The 5' ends of the cDNA sequences were identical to a region in the
flanking genomic DNA. The match extended for 94 nt and ended at a
consensus 5' splice site located 286 nt upstream of the virus
integration site (Fig. 1C, shaded box). The cDNA sequences were also
compared against the GenBank database by using the Gapped BLAST program
(1). All three cDNAs were orthologous to the human hnRNP
C1/C2 gene (7). Moreover, patterns of alternative splicing
that generate the human C1 and C2 proteins were also observed, with the
C1 and C2 transcripts represented by one and two cDNAs, respectively.

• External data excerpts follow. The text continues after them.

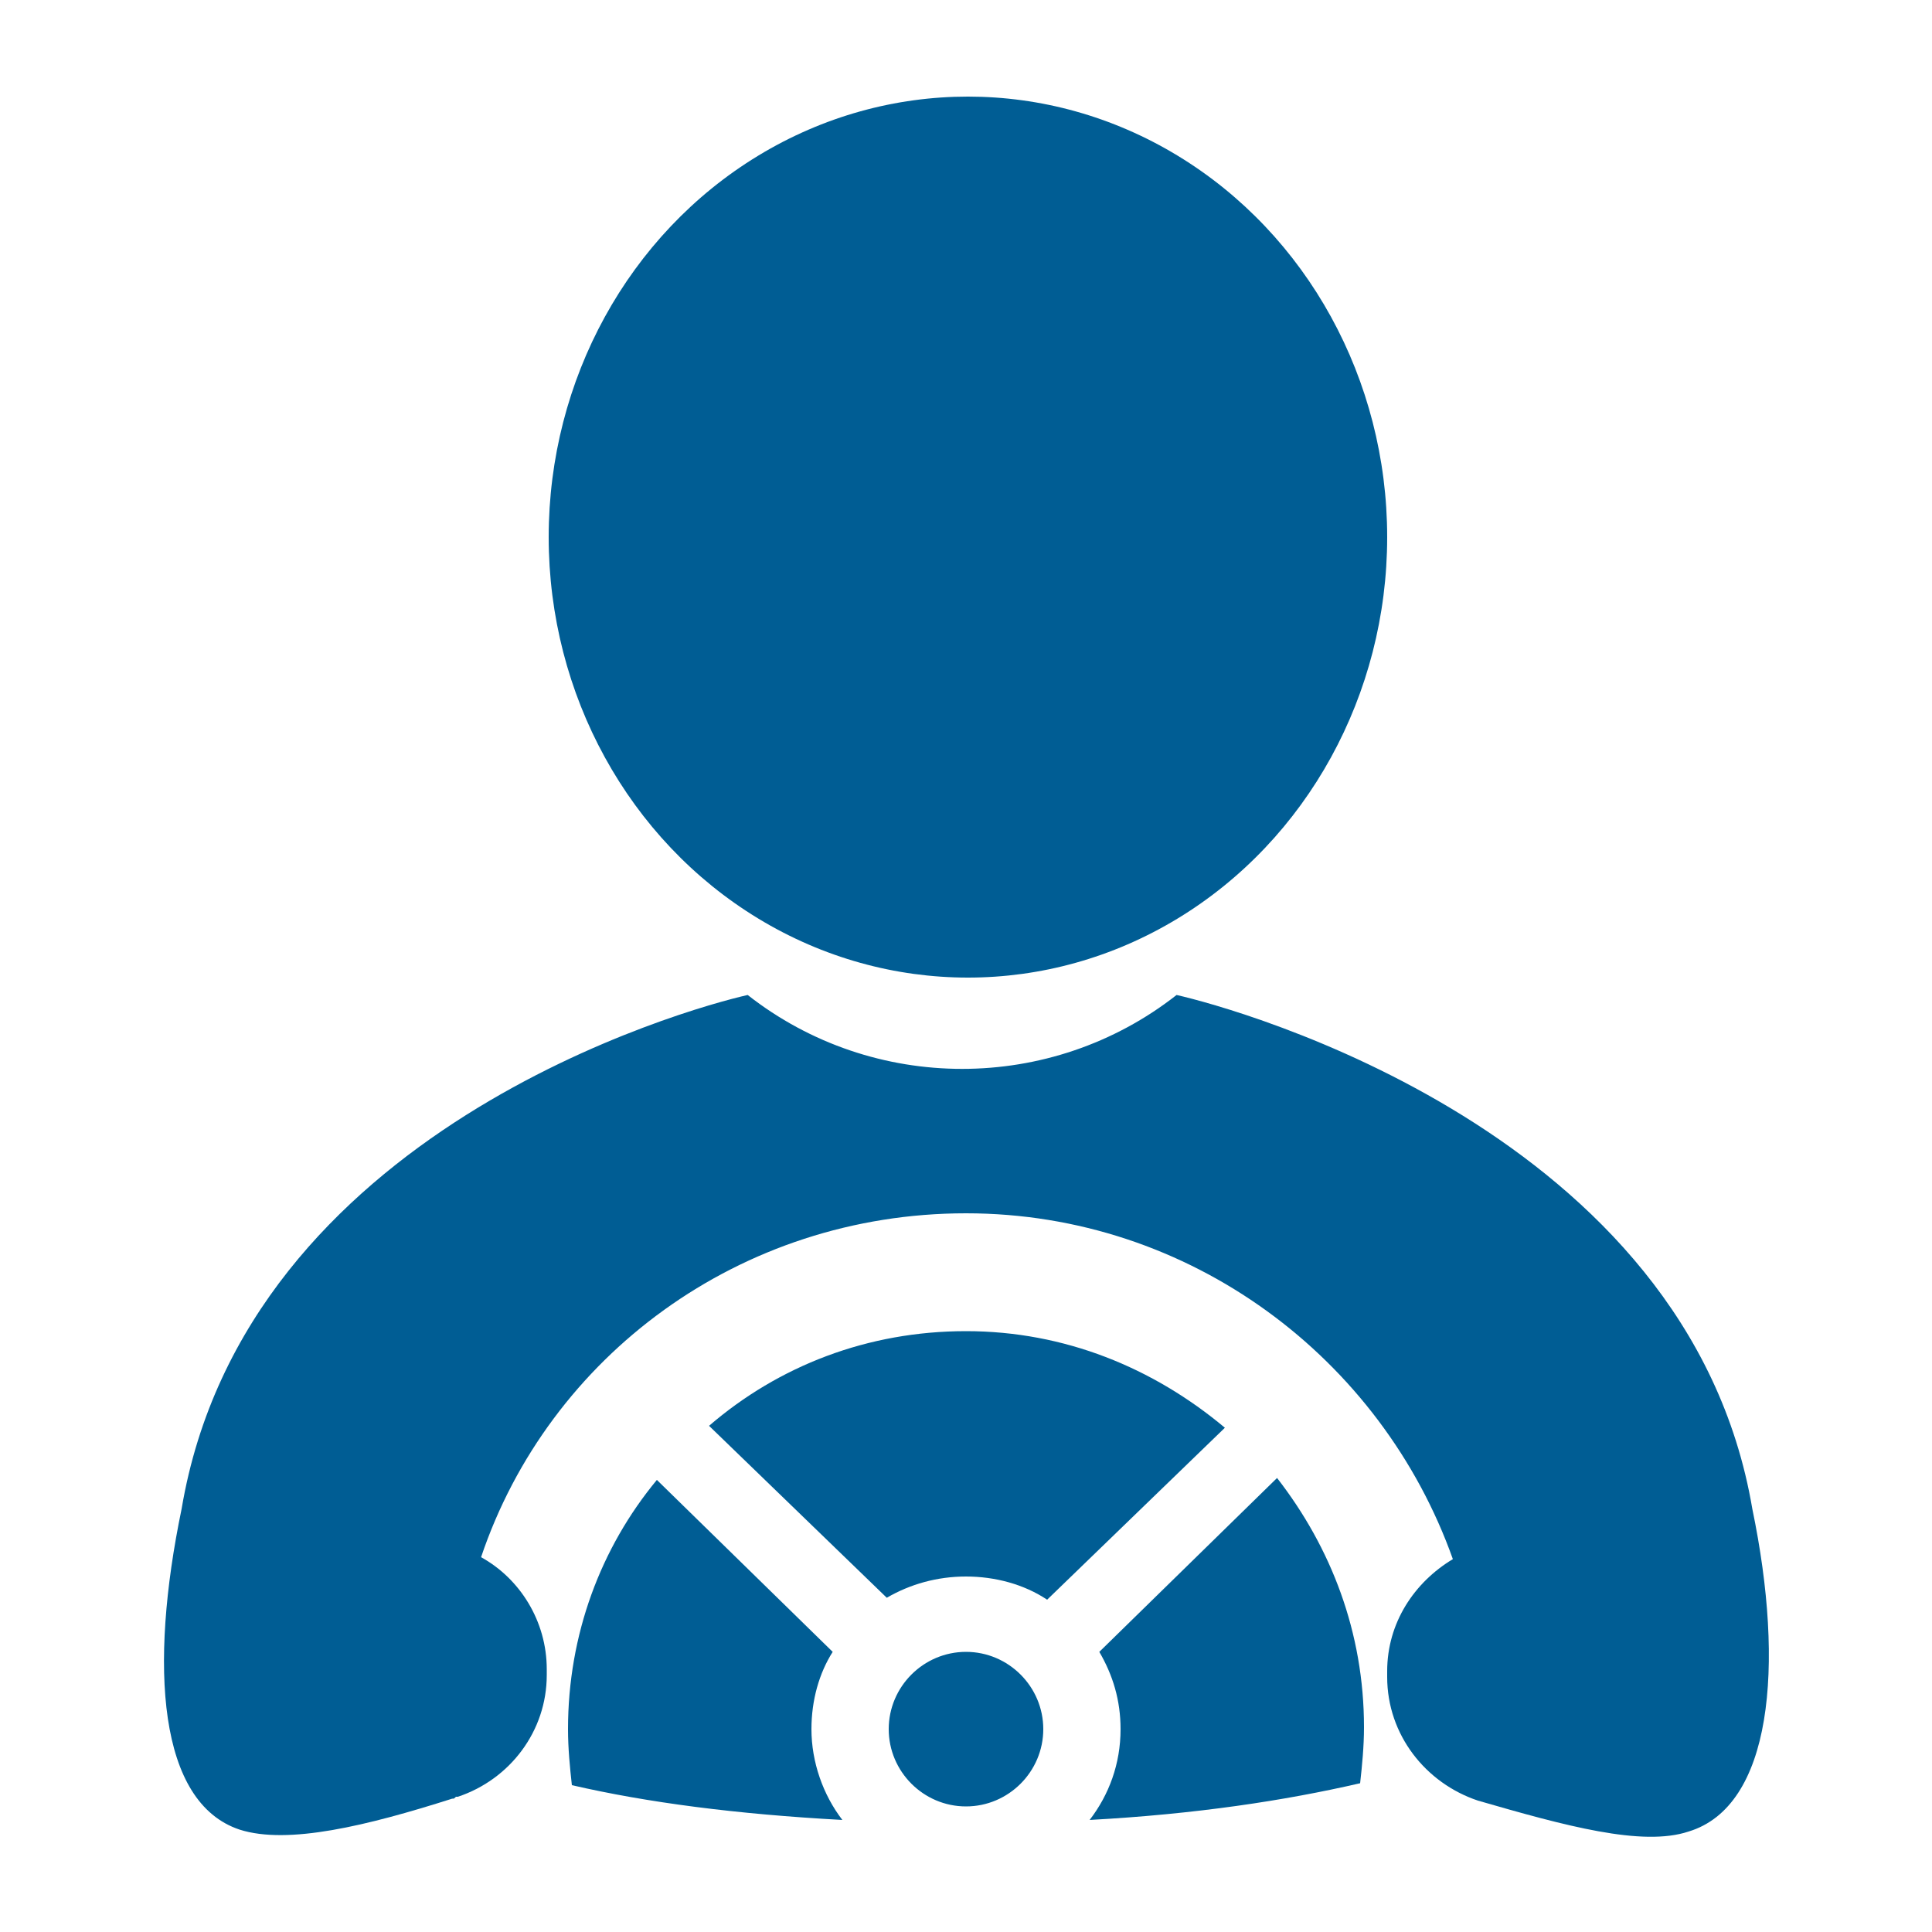 <?xml version="1.0" encoding="UTF-8"?>
<svg xmlns="http://www.w3.org/2000/svg" xmlns:xlink="http://www.w3.org/1999/xlink" version="1.1" width="512" height="512" x="0" y="0" viewBox="0 0 100 100" style="enable-background:new 0 0 512 512" xml:space="preserve" class="">
  <g>
    <g fill="#040000">
      <path d="M90.7 78.1C87.4 58.6 64 52.2 60.9 51.5c-6.5 5.1-15.7 5.1-22.2 0-3.1.7-26 7-29.3 26.6-1.7 8.2-1.2 15.2 3 16.6 2.5.8 6.6-.2 11-1.6.1 0 .1 0 .2-.1h.1c2.7-.9 4.6-3.4 4.6-6.3v-.3c0-2.5-1.4-4.7-3.4-5.8C28.4 70.2 38.3 62.8 50 62.8c11.6 0 21.5 7.5 25.2 17.9-2 1.2-3.4 3.3-3.4 5.8v.3c0 3 2 5.5 4.7 6.4 4.5 1.3 8.5 2.4 10.9 1.6 4.3-1.3 5-8.5 3.3-16.7z" fill="#005d94" opacity="1" data-original="#040000" class=""/>
      <ellipse cx="50.1" cy="27.8" rx="21.7" ry="22.8" fill="#005d94" opacity="1" data-original="#040000" class=""/>
      <path d="M56.9 85.5c.7 1.2 1.1 2.5 1.1 4 0 1.8-.6 3.4-1.6 4.7 5.5-.3 10.1-1 14-1.9.1-.9.2-1.9.2-2.9 0-4.9-1.7-9.3-4.5-12.9zM43.1 85.5 34 76.6c-2.9 3.5-4.6 8-4.6 12.9 0 1 .1 2 .2 2.9 3.9.9 8.5 1.5 14 1.8-1-1.3-1.6-3-1.6-4.7 0-1.5.4-2.9 1.1-4zM50 85.5c-2.2 0-4 1.8-4 4s1.8 4 4 4 4-1.8 4-4-1.8-4-4-4zM50 68.9c-5.1 0-9.7 1.8-13.3 4.9l9.2 8.9c1.2-.7 2.6-1.1 4.1-1.1s3 .4 4.2 1.2l9.2-8.9c-3.7-3.1-8.3-5-13.4-5z" fill="#005d94" opacity="1" data-original="#040000" class=""/>
    </g>
  </g>
</svg>

Together, these results indicate that the 4A4 provirus inserted into an
intron of the murine hnRNP C1/C2 gene. The original 65-nt iPCR sequence
is entirely contained within the intron, accounting for the failure of
this probe to hybridize to cellular transcripts.
Murine hnRNP C1 and C2 cDNA sequences.
The three cDNAs
together contained the entire coding sequence for both the C1 and C2
proteins and terminated at a consensus polyadenylation site. Figure
2 shows the composite sequence of the
cDNA encoding mouse hnRNP C2. The 39-nt region missing from hnRNP C1 is
enclosed in a shaded box. Differences between the murine and previously
reported human hnRNP C2 cDNA sequences include 10 single-codon changes
and an additional 21 nucleotides that add seven amino acids to the
murine sequence (amino acids 227 to 233). Furthermore, the presence of
two additional nucleotides adds three amino acids to the C terminus of
the murine sequence. Overall, the colinear portions of human and murine
proteins are 97% identical. Except for a single amino acid in C2, the
mouse and human proteins are identical over the N-terminal portion
containing the RRM, highlighting the potential functional importance of
this domain.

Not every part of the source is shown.